=== Section Start ===
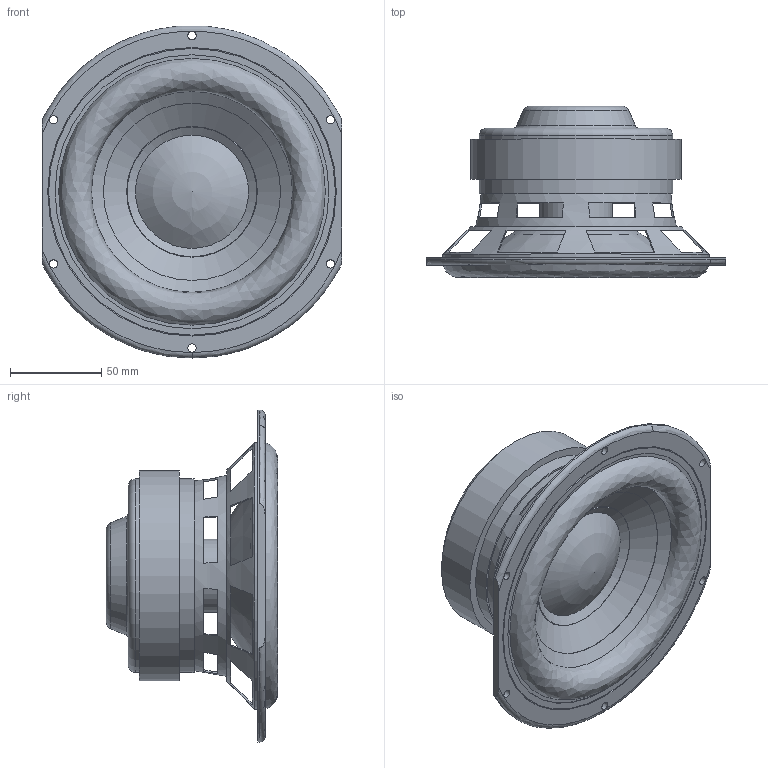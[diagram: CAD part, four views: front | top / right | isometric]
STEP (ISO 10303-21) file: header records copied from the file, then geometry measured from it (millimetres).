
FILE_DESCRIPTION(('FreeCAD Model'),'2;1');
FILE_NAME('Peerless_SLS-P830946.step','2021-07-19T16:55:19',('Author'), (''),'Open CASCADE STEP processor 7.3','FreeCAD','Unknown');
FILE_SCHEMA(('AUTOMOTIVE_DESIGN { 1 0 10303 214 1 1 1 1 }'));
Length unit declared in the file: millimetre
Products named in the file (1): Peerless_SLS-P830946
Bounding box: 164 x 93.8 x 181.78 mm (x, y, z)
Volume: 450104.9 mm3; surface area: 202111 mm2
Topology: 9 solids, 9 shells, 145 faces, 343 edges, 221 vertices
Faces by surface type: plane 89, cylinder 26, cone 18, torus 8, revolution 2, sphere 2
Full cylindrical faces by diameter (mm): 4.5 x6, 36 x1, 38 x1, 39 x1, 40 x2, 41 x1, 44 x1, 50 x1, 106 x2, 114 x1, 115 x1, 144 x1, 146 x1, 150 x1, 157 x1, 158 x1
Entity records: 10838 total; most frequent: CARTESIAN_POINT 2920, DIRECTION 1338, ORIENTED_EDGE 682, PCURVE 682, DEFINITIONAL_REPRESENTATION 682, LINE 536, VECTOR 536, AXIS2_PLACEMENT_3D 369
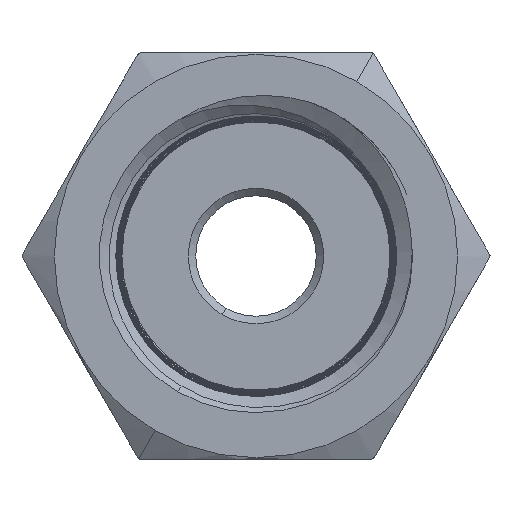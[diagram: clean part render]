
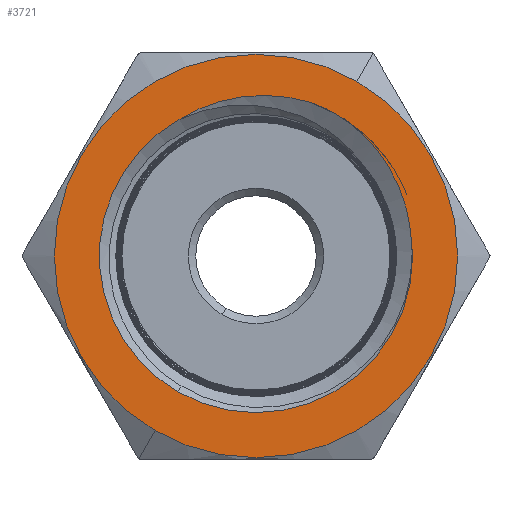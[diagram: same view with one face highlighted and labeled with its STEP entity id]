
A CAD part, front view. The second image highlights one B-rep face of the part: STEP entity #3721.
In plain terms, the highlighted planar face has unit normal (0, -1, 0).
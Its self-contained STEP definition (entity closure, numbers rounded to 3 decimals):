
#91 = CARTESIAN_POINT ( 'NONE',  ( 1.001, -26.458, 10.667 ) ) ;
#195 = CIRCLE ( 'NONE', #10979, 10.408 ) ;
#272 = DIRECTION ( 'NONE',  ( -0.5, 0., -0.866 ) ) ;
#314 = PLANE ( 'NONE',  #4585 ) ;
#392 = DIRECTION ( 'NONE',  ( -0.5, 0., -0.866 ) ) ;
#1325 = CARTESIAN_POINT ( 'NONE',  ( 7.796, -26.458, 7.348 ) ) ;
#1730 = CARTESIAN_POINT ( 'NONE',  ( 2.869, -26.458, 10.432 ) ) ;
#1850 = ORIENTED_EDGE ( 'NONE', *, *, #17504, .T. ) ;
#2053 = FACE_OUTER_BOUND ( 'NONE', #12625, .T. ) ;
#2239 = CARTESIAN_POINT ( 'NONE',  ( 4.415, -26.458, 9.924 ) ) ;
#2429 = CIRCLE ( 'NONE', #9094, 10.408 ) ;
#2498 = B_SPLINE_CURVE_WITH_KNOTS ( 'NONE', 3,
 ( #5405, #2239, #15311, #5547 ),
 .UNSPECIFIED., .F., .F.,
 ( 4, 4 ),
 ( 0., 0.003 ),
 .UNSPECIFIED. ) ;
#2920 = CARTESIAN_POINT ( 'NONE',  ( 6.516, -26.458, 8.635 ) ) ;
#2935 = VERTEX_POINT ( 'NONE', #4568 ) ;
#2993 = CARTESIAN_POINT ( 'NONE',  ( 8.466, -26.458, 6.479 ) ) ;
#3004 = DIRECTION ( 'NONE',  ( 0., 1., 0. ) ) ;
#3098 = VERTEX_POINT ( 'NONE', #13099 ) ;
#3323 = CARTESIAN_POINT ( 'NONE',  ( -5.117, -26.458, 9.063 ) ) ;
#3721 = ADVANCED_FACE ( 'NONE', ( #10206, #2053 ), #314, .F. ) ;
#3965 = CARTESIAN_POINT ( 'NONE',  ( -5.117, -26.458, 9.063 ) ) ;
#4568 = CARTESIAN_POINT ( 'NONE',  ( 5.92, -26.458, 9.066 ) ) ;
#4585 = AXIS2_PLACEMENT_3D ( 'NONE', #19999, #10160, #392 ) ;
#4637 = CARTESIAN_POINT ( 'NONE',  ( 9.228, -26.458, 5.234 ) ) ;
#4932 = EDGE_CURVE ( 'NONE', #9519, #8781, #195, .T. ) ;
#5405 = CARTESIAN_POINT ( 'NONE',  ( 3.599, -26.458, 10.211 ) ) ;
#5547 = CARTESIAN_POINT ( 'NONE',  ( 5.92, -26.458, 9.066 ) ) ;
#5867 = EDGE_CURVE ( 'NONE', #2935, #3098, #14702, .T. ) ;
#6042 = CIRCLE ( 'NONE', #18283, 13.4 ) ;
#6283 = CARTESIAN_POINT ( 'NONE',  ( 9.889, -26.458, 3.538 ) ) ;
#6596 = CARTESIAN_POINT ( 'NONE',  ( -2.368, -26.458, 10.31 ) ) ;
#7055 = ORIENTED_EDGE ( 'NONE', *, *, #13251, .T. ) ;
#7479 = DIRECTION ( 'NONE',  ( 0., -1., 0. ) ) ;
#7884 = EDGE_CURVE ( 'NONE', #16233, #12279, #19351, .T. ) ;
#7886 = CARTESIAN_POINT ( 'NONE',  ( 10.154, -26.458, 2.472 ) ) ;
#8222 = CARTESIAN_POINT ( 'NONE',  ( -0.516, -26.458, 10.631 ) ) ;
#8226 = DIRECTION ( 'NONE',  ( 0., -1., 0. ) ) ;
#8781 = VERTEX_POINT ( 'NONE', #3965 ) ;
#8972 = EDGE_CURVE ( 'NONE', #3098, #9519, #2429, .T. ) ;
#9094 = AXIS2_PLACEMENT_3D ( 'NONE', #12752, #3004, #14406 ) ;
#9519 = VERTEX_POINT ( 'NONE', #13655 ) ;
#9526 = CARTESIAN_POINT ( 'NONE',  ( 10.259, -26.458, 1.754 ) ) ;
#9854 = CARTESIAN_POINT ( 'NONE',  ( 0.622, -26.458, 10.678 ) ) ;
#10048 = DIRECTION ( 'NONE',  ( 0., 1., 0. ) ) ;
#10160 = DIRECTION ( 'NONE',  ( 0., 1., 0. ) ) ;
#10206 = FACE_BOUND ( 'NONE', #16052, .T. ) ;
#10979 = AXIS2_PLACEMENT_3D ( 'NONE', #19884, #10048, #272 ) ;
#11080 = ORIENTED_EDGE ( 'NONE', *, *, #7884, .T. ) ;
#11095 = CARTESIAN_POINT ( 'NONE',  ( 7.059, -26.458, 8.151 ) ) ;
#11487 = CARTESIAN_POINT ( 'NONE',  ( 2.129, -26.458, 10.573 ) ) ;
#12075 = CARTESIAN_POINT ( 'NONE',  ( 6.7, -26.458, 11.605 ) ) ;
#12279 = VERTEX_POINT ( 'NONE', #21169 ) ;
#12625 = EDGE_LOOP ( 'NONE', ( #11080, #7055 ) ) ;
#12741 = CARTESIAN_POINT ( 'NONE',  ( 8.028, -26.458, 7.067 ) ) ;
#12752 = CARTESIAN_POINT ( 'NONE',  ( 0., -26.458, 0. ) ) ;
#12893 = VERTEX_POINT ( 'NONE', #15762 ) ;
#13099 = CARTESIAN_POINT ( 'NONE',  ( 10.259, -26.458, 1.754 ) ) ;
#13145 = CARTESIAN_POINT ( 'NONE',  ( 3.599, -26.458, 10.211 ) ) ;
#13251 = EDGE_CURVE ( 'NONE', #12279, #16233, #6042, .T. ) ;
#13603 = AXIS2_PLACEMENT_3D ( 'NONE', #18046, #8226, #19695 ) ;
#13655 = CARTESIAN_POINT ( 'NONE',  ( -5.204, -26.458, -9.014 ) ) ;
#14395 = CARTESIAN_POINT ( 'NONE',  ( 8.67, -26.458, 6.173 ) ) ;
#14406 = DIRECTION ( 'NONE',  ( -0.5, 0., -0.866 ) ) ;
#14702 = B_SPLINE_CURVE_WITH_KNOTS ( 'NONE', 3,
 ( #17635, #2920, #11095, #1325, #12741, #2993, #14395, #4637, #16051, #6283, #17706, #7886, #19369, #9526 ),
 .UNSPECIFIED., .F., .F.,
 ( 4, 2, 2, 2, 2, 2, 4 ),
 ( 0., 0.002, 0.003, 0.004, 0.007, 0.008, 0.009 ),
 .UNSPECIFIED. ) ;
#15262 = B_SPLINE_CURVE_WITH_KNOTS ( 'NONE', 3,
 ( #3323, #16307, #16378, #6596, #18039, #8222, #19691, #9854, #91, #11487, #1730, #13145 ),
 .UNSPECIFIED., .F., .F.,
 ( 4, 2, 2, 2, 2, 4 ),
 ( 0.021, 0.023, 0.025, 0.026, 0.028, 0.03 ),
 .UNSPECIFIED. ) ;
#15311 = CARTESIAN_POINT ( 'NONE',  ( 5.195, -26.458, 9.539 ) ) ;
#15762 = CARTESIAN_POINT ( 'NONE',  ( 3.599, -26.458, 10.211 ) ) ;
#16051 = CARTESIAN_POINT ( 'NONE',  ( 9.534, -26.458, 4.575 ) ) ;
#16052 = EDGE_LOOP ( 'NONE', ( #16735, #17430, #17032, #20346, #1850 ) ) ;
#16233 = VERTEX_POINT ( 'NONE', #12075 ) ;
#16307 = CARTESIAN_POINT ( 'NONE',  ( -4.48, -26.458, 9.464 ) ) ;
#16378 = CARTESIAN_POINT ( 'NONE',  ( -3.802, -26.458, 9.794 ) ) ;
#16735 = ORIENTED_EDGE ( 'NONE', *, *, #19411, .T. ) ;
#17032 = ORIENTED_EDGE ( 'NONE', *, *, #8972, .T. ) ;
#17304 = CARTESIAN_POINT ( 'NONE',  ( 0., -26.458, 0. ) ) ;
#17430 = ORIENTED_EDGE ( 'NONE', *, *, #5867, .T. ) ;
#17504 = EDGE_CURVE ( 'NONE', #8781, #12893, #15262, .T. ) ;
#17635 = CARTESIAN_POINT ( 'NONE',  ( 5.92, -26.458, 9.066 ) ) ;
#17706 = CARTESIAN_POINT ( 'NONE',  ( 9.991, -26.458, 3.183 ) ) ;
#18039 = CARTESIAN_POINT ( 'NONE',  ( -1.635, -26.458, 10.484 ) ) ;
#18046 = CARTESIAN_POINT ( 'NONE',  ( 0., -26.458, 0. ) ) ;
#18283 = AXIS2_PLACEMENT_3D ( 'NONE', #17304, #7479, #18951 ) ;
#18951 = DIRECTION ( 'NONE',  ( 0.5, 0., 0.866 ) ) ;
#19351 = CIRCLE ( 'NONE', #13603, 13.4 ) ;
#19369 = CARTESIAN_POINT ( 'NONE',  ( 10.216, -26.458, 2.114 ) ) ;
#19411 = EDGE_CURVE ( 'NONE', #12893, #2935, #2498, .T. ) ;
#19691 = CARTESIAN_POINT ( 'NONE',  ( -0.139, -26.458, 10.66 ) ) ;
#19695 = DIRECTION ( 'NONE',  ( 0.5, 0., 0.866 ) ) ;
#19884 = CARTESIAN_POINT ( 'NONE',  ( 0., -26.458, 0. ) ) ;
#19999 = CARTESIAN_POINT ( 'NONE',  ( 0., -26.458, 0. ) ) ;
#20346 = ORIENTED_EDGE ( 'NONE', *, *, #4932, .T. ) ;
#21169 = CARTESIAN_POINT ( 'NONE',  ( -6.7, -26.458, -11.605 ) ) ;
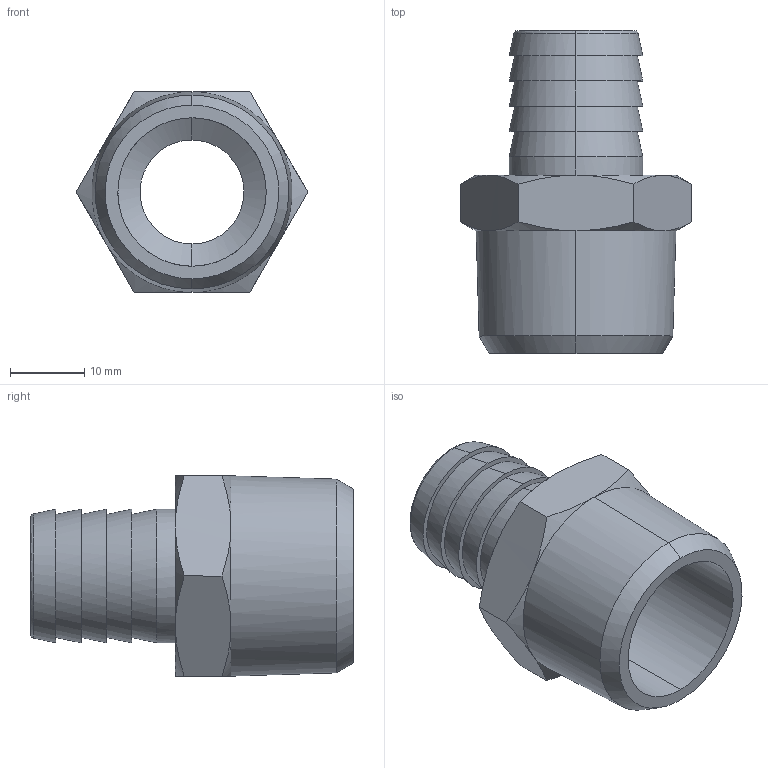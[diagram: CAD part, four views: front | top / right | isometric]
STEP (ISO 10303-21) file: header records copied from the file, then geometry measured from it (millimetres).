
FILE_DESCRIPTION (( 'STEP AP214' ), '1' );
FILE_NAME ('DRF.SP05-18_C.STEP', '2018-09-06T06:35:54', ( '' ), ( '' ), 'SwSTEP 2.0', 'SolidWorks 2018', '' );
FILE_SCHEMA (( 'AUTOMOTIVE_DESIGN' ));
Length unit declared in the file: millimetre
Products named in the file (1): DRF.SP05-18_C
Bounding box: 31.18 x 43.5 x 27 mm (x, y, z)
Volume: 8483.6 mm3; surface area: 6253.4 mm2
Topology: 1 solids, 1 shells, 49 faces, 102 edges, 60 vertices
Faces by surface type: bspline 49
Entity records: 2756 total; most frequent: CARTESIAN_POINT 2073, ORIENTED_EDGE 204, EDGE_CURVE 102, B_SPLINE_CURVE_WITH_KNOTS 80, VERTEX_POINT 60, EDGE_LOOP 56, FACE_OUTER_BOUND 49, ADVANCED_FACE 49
=== Section End ===
Goal of the exercise:
Only the lines between the one with "#18283 = AXIS2_PLACEMENT_3D" and the one with "Products named in the file (1): DRF.SP05-18_C", those two included, get copied from the material above. Keep it exact and free of pictures.

Solution to this problem:
#18283 = AXIS2_PLACEMENT_3D ( 'NONE', #17304, #7479, #18951 ) ;
#18951 = DIRECTION ( 'NONE',  ( 0.5, 0., 0.866 ) ) ;
#19351 = CIRCLE ( 'NONE', #13603, 13.4 ) ;
#19369 = CARTESIAN_POINT ( 'NONE',  ( 10.216, -26.458, 2.114 ) ) ;
#19411 = EDGE_CURVE ( 'NONE', #12893, #2935, #2498, .T. ) ;
#19691 = CARTESIAN_POINT ( 'NONE',  ( -0.139, -26.458, 10.66 ) ) ;
#19695 = DIRECTION ( 'NONE',  ( 0.5, 0., 0.866 ) ) ;
#19884 = CARTESIAN_POINT ( 'NONE',  ( 0., -26.458, 0. ) ) ;
#19999 = CARTESIAN_POINT ( 'NONE',  ( 0., -26.458, 0. ) ) ;
#20346 = ORIENTED_EDGE ( 'NONE', *, *, #4932, .T. ) ;
#21169 = CARTESIAN_POINT ( 'NONE',  ( -6.7, -26.458, -11.605 ) ) ;
[diagram: CAD part, four views: front | top / right | isometric]
STEP (ISO 10303-21) file: header records copied from the file, then geometry measured from it (millimetres).
FILE_DESCRIPTION (( 'STEP AP214' ), '1' );
FILE_NAME ('DRF.SP05-18_C.STEP', '2018-09-06T06:35:54', ( '' ), ( '' ), 'SwSTEP 2.0', 'SolidWorks 2018', '' );
FILE_SCHEMA (( 'AUTOMOTIVE_DESIGN' ));
Length unit declared in the file: millimetre
Products named in the file (1): DRF.SP05-18_C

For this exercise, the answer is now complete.